WORK ORDER:
In the entries below, begin at the line with "Taken from one" and stop after the line with "This was taken 1.7 seconds after image 1."; output those lines exactly and omit the pictures.
=== STORED DATA ===
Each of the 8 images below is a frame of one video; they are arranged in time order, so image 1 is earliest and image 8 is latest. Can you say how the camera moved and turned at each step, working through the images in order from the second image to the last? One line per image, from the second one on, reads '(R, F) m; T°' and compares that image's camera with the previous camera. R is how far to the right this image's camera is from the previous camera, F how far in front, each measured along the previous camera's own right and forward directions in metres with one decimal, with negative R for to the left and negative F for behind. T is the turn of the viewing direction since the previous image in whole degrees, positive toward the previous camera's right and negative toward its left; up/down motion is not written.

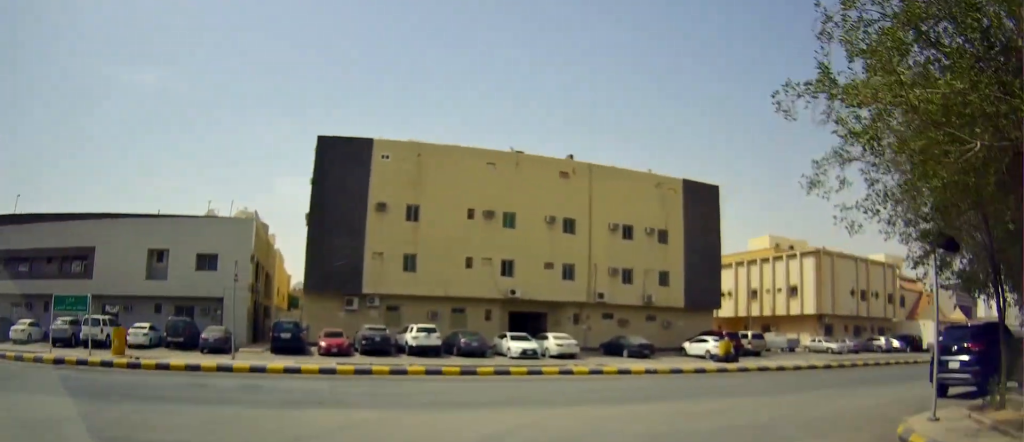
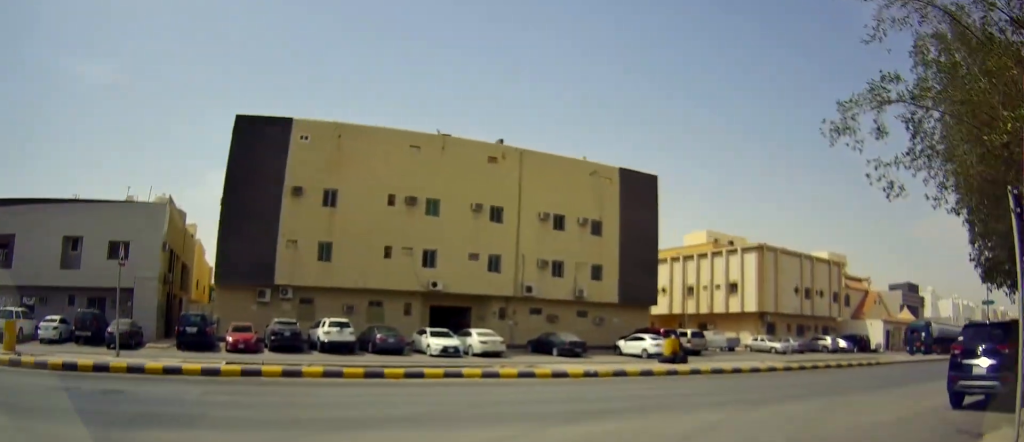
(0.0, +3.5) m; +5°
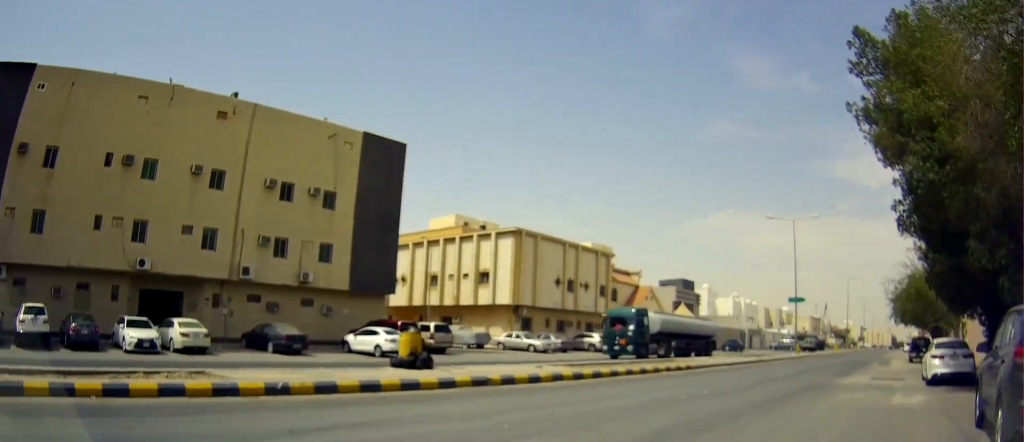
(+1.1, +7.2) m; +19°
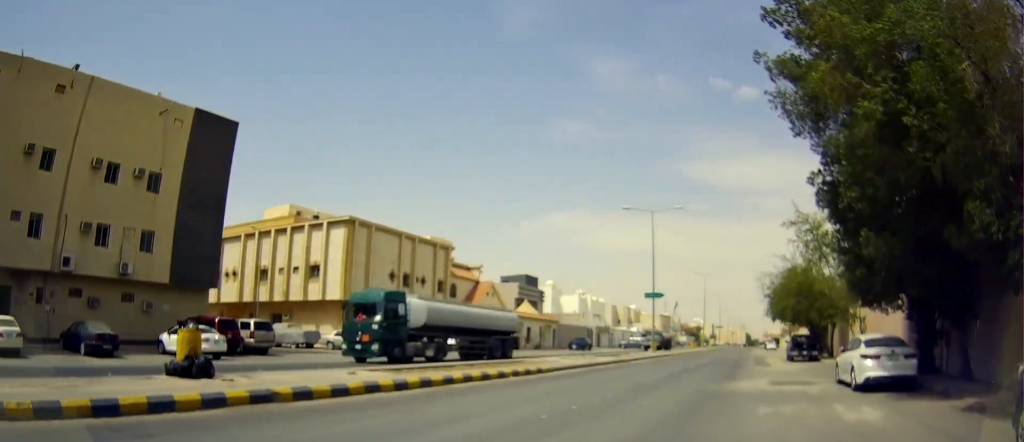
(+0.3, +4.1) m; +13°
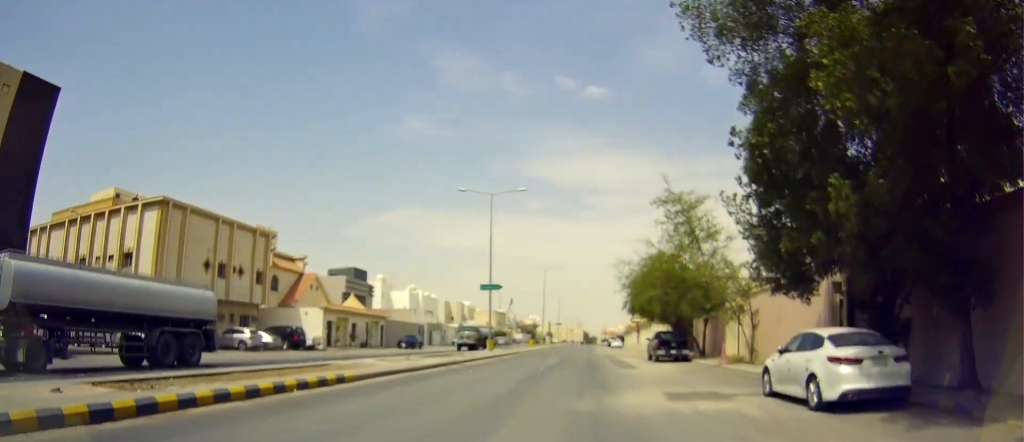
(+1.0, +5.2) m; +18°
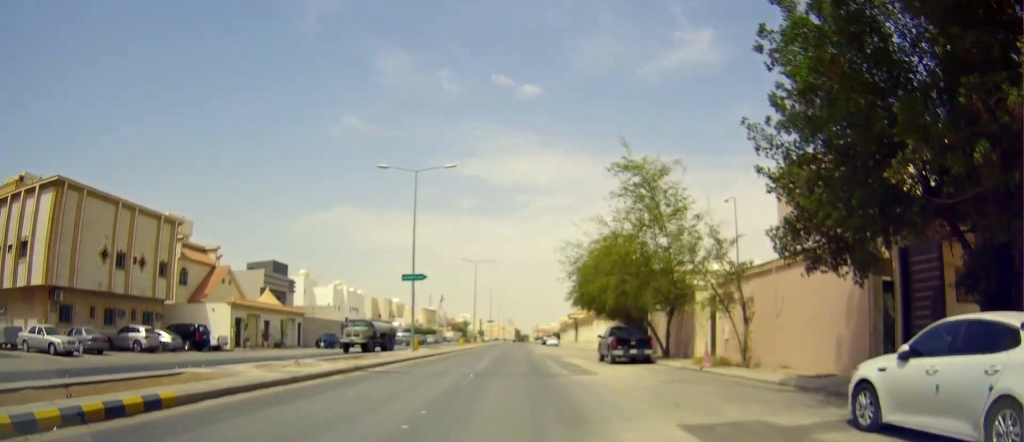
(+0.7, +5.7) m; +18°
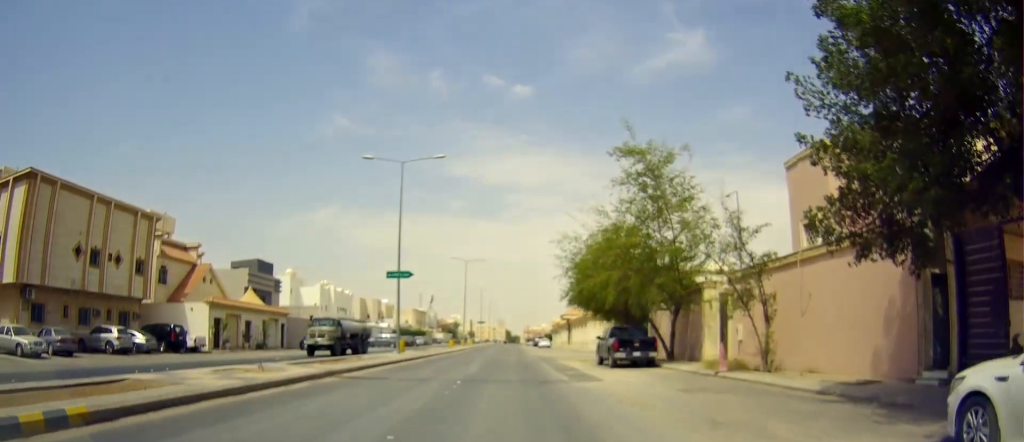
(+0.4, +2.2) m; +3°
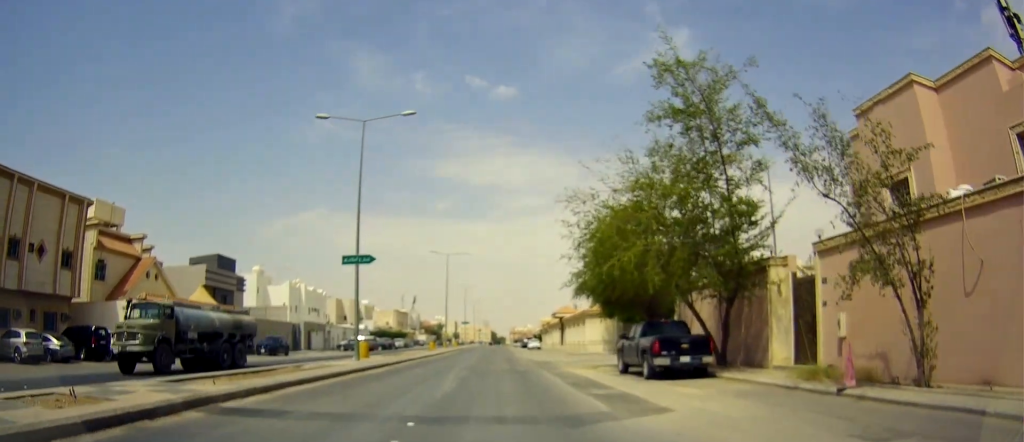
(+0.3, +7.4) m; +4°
===
=== STORED DATA ===
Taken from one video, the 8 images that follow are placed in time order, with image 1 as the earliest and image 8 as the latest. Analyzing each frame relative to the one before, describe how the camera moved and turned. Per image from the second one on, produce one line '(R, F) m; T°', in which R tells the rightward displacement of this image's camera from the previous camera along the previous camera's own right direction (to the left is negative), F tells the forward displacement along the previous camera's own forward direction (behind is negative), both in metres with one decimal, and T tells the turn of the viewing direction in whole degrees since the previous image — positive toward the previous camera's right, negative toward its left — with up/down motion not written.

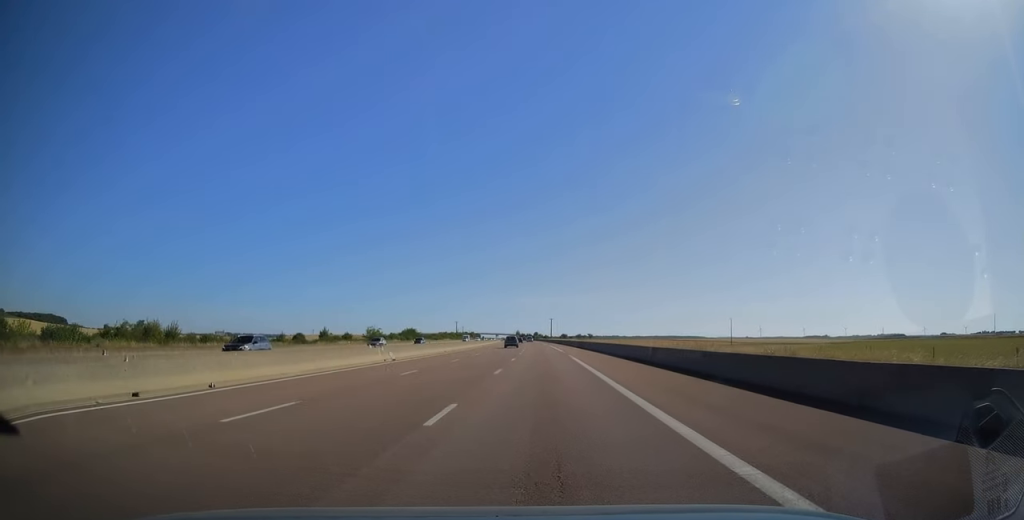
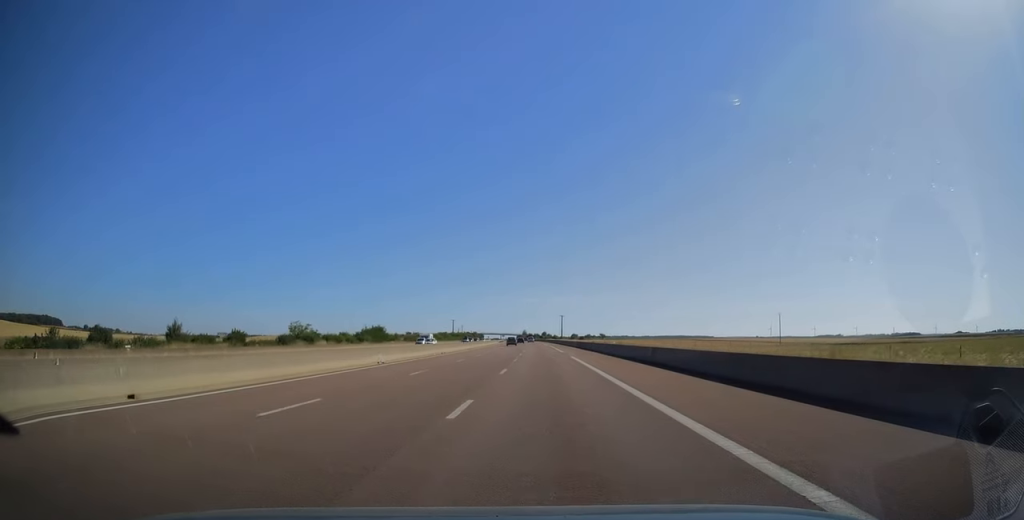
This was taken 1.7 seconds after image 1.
===
=== STORED DATA ===
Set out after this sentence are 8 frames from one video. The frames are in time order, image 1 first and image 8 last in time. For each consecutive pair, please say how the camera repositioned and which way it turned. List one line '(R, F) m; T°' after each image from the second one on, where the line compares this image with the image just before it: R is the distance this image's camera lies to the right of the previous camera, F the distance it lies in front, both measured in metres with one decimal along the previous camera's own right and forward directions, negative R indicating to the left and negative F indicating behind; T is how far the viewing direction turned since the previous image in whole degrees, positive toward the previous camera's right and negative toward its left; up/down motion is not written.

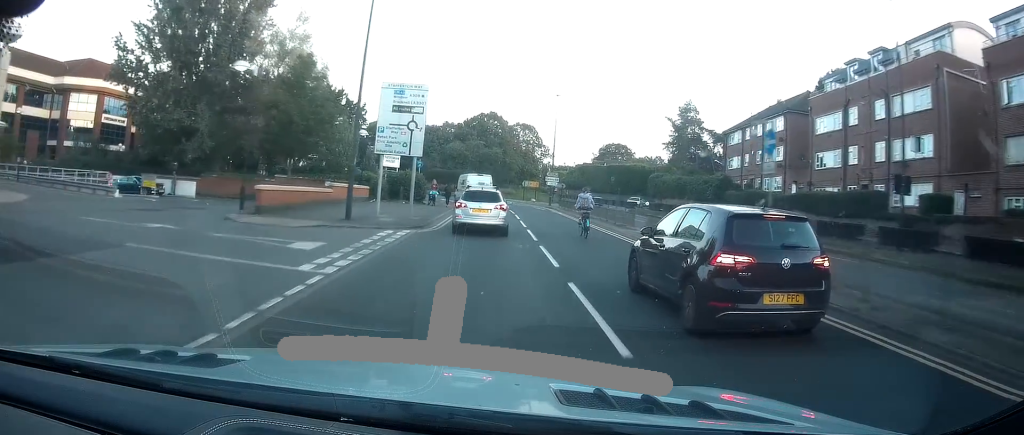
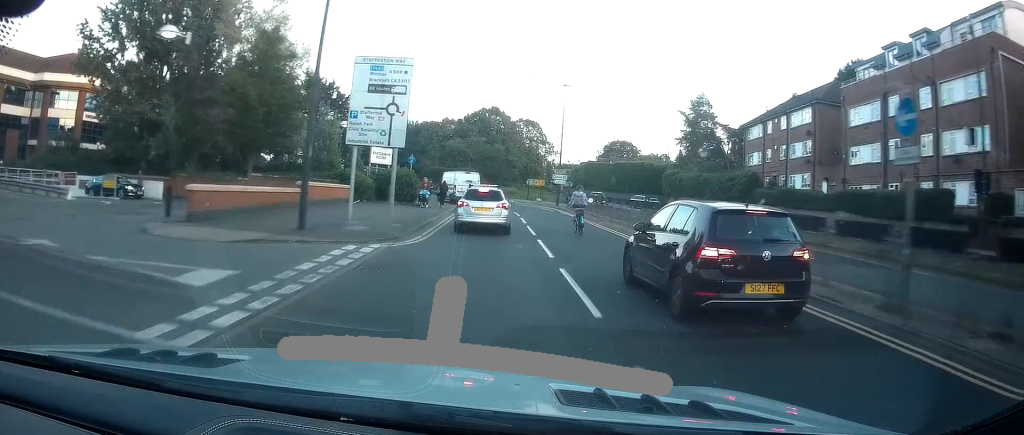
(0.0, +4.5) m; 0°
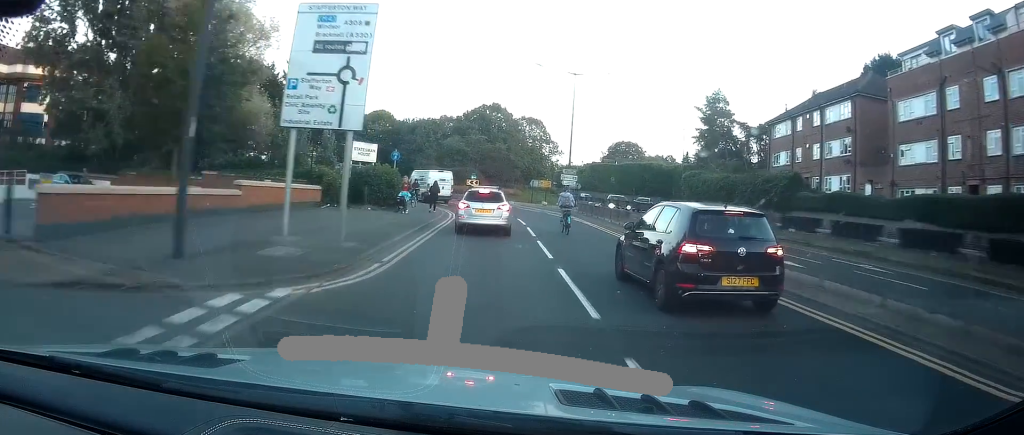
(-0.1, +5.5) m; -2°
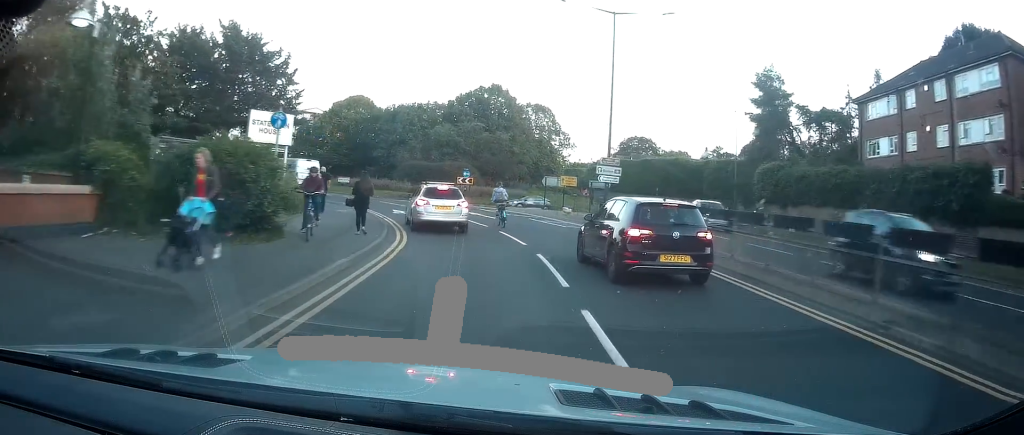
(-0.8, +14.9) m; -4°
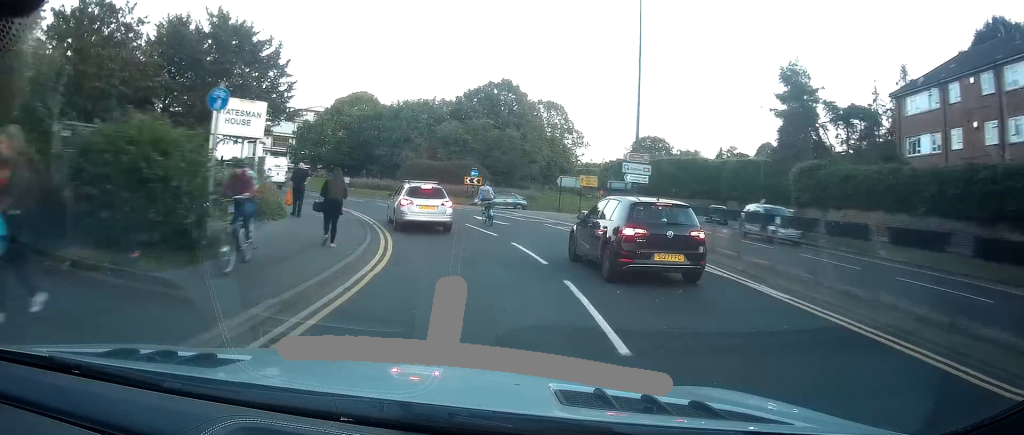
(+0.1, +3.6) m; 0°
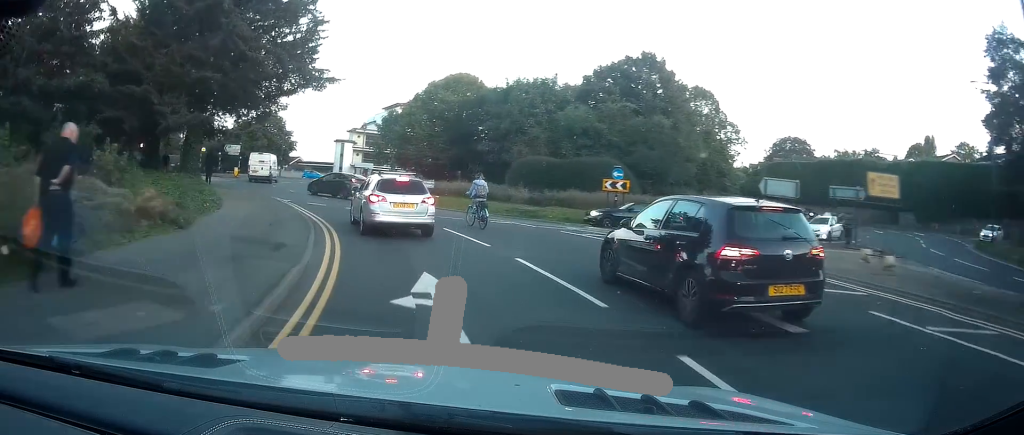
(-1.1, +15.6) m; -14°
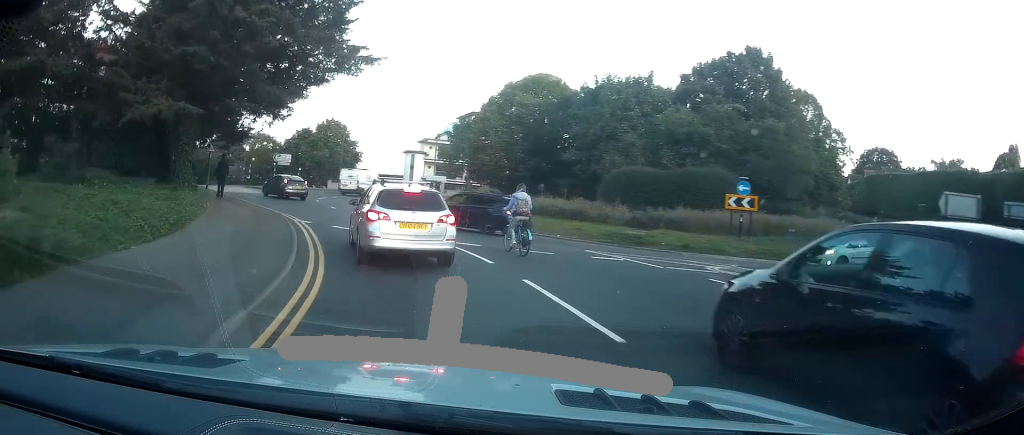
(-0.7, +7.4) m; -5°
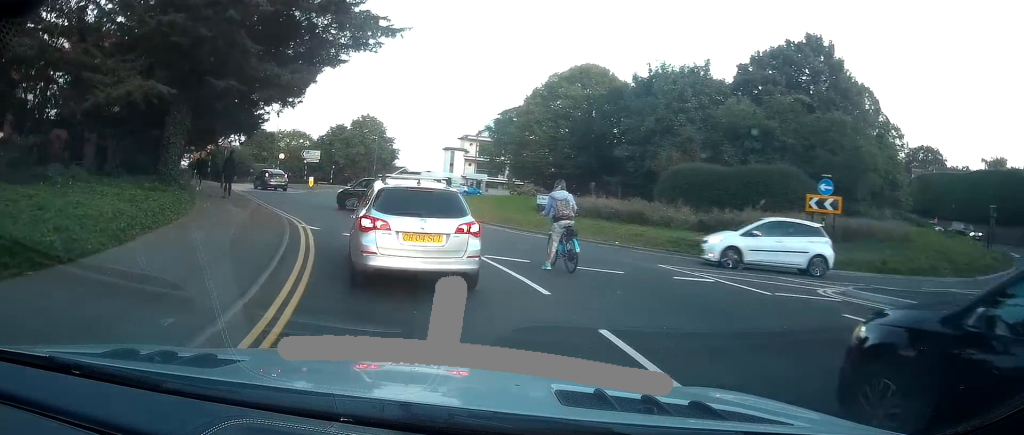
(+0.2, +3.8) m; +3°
===
SOLUTION:
Taken from one video, the 8 images that follow are placed in time order, with image 1 as the earliest and image 8 as the latest. Analyzing each frame relative to the one before, describe how the camera moved and turned. Per image from the second one on, produce one line '(R, F) m; T°', in which R tells the rightward displacement of this image's camera from the previous camera along the previous camera's own right direction (to the left is negative), F tells the forward displacement along the previous camera's own forward direction (behind is negative), both in metres with one decimal, and T tells the turn of the viewing direction in whole degrees since the previous image — positive toward the previous camera's right, negative toward its left — with up/down motion not written.

This was taken 1.7 seconds after image 1.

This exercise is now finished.